Review of Topics Covered
Command Effect
vim file.txt open “file.txt” and edit with vim
i toggle to insert mode
<Esc> toggle to normal mode
<arrow keys> navigate the file
:q quit ending the file
:q! quit editing the file without saving
:w save the file, continue editing
:wq save and quit

Network and File Transfers

In order to login or transfer files to a remote Linux file system, you must know the hostname (unique network identifier) and the username. If you are already on a Linux file system, those are easy to determine using the following commands:

$ whoami
wallen
$ hostname -f
login4.stampede2.tacc.utexas.edu

Given that information, a user would remotely login to this Linux machine using the Terminal command:

$ ssh wallen@stampede2.tacc.utexas.edu
(enter password)
(enter token)

Windows users would typically use the program PuTTY to perform this operation. Logging out of a remote system is done using the logout command, or the shortcut <Ctrl+d>:

[stampede2]$ logout
[local]$

To practice transferring files to Stampede2’s $WORK and $SCRATCH, we need to identify the path to our $WORK and $SCRATCH directory. To identify these paths, we can use helpful command shortcuts.

To identify the path to our $WORK directory, we can use cd $WORK or the helpful shortcut cdw:

$ cdw
$ pwd
/work/03439/wallen/stampede2

To identify the path to our $SCRATCH directory, we can use cd $SCRATCH or the helpful shortcut cds:

$ cds
$ pwd
/scratch/03439/wallen

Copying files from your local computer to Stampede2’s $WORK would require the scp command (Windows users use the program “WinSCP”):

[local]$ scp my_file wallen@stampede2.tacc.utexas.edu:/work/03439/wallen/stampede2
(enter password)
(enter token)

In this command, you specify the name of the file you want to transfer (my_file), the username (wallen), the hostname (stampede2.tacc.utexas.edu), and the path you want to put the file (/work/03439/wallen/stampede2). Take careful notice of the separators including spaces, the @ symbol, and the colon.

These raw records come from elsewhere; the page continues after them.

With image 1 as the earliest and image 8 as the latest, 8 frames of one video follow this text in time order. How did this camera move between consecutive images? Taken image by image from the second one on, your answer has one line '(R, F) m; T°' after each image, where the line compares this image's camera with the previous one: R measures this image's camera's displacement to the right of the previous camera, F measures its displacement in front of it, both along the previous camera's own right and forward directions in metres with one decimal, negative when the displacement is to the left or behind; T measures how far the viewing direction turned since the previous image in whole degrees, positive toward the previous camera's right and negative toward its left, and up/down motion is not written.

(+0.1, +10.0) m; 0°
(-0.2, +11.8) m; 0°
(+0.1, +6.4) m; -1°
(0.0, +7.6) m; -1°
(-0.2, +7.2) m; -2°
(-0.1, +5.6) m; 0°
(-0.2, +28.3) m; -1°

Copying files from your local computer to Stampede2’s $SCRATCH using scp:

[local]$ scp my_file wallen@stampede2.tacc.utexas.edu:/scratch/03439/wallen
(enter password)
(enter token)

Copy files from Stampede2 to your local computer using the following:

[local]$ scp wallen@stampede2.tacc.utexas.edu:/work/03439/wallen/stampede2/my_file ./
(enter password)
(enter token)

Note: If you wanted to copy my_file from $SCRATCH, the path you would specify after the colon would be /scratch/03439/wallen/my_file.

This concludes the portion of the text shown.